With his wife (Hudson) at home, Mike (Wahlberg) heads off for a three-week stint at sea on the offshore rig Deepwater Horizon, a 35-minute flight from land. As chief electrician, he works closely with boss Jimmy (Russell), drilling foreman Jason (Suplee) and pilot Andrea (Rodriguez). But the BP executives Don and Bob (Malkovich and Leland) are pressuring them to make up a schedule delay by hedging around some safety tests. Sure enough, the well is about to blow, engulfing the floating platform in flames.

Eleven crew members died in the disaster, and the film is careful to honour their memories, both in dramatic scenes and an epilogue. Writers Carnahan and Sand sculpt the story with standard disaster movie beats. We know tragedy is coming, Titanic-style, so every scene features some sort of corny harbinger. Thankfully, some are rather clever, such as when Mike's daughter (Allen) explains how drilling platforms work using a can of Coke and ballpoint pen.

Other moments aren't quite so subtle, but the actors have an edgy naturalism.

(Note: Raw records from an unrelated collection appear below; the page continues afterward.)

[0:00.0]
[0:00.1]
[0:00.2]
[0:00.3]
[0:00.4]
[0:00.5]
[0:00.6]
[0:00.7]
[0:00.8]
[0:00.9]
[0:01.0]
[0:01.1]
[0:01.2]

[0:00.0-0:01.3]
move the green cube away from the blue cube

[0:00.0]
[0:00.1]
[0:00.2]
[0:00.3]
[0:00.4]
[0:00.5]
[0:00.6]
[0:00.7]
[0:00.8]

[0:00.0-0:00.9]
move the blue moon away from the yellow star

Each character is smart and tenacious, including the company men who essentially cause the disaster by ignoring safety issues. Wahlberg, Russell, O'Brien (as a driller) and Kirkpatrick (as a crane operator) get the most heroic roles. But it's the sidelined Rodriguez who most powerfully wins over the audience, an irony clearly lost on filmmakers who so gleefully revel in masculinity.

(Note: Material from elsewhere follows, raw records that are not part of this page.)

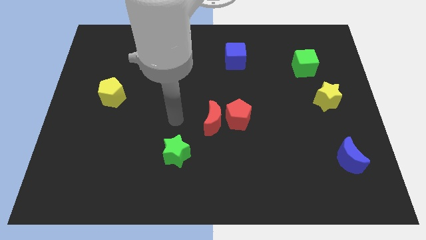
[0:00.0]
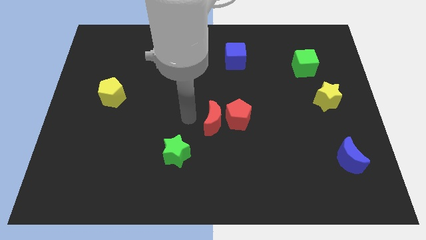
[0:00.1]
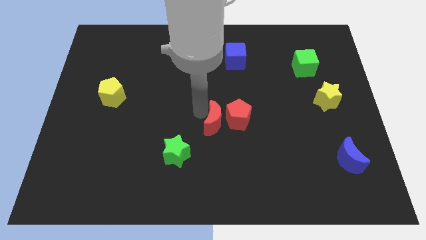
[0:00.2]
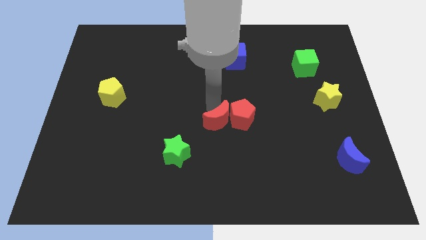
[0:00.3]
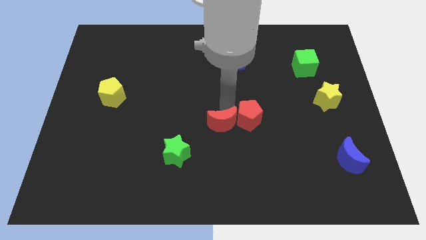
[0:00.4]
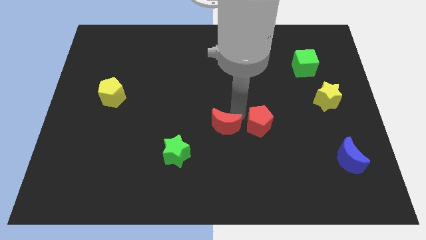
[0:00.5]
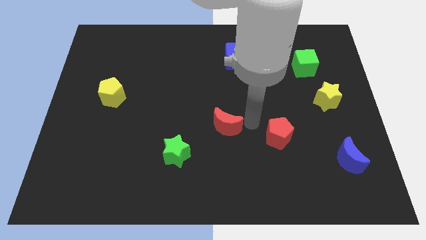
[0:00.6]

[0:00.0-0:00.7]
pull the red moon apart from the red pentagon

Andrea is a clear-thinker who has moments of believable doubt and fear, like a real person, which actually makes her braver than everyone else on-screen. And this is where the film wobbles: Berg and Wahlberg simply can't allow the men to look fragile or vulnerable, unless they're the designated baddies. So the triumphant rah-rah tone seems to revel in moments of grisliness. In the end, at least film has such a realistic, thrilling style that we feel like we have survived the ordeal ourselves. But by over-celebrating the heroes, the film kind of misses the point.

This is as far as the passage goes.